Home - Teleport Blog - Announcing Gravity 6.0 - May 21, 2019
Announcing Gravity 6.0
Introducing Gravity 6.0
We are excited to announce a major new release of our flagship product, Gravity. Since open sourcing Gravity last year, we have been pleased with its growing popularity and this new version contains quite a few improvements based on users’ feedback.
Before we dive deeper into what’s new, let me explain what Gravity is to folks who haven’t used it before.
What is Gravity?
Gravity is an open source Kubernetes packaging solution for saving an entire Kubernetes cluster (along with all of its applications and dependencies) into a single file called a “Cluster Image”. If you are used to working with virtual machine (VM) images, Gravity allows you to extend the same concept to entire clusters! The only requirement for an image to run is one or more Linux machines with a suitable kernel.
We’ve been active Kubernetes users since before 1.0 and we’ve always felt that compressing Kubernetes awesomeness and complexity down to a single, deployable file would be really useful.
Why? Because it gives developers true portability for cloud-native applications.
Gravity is used in production by companies who package their SaaS solutions as downloadable appliances to deploy them into on-premises data centers and 3rd party AWS accounts. Companies also use Gravity to run many Kubernetes clusters internally, because the operational overhead of doing so is much lower than traditional, recipe-based Kubernetes distributions. In other words, Gravity allows a Kubernetes cluster to travel anywhere, with all of its dependencies.
Gravity reduces the operations and the support burden normally associated with on-premises software.
- Helgi Þorbjörnsson, Principal Architect @ Mulesoft
What’s new in 6.0?
First of all, this is still a beta version. You can download the beta version and updates here (be sure to click on the “Show Pre-Releases” checkbox). Over the next few weeks, we’ll be collecting feedback to make the final version as polished as possible.

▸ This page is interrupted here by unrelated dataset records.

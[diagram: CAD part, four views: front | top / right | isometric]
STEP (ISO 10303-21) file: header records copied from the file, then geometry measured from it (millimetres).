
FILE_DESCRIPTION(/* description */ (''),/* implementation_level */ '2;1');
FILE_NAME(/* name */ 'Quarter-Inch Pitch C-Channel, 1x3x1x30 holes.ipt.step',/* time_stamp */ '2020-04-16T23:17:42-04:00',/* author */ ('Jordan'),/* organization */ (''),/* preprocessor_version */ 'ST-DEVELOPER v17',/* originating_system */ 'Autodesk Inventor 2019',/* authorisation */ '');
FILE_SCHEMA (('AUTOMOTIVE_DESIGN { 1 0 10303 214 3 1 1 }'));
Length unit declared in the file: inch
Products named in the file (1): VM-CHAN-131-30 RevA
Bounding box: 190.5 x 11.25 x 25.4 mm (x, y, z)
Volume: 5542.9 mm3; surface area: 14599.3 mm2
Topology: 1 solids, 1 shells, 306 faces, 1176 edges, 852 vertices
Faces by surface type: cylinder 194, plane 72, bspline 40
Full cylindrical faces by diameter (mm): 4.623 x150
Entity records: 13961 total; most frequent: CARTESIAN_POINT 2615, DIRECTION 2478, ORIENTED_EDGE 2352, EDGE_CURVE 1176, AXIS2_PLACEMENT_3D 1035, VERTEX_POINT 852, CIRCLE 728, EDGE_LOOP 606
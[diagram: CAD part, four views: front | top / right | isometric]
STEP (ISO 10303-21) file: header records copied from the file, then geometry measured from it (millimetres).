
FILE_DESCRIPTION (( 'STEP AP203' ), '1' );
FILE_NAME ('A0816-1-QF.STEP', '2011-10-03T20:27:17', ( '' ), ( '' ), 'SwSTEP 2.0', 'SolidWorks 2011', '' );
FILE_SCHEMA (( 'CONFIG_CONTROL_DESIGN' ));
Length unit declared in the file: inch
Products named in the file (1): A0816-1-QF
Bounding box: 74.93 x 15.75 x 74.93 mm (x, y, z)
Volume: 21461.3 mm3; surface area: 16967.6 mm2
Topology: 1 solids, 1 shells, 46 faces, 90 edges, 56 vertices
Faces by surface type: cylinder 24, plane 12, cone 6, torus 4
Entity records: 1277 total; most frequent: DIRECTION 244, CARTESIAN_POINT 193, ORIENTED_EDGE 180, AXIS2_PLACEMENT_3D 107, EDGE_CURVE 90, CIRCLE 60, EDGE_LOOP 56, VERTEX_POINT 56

As with any major new release, there are numerous new features to boast about. Before we touch on the most notable ones, let us explain the goals we had in mind for this release:
- Improving user experience. Long-time Gravity users and contributors are usually quite comfortable with the command line interface (CLI). No doubt, the CLI tools are powerful, but the learning curve can be substantial. Gravity 6.0 comes with a new Web UI which can be used by novices to explore and learn Gravity concepts (and Kubernetes, as well).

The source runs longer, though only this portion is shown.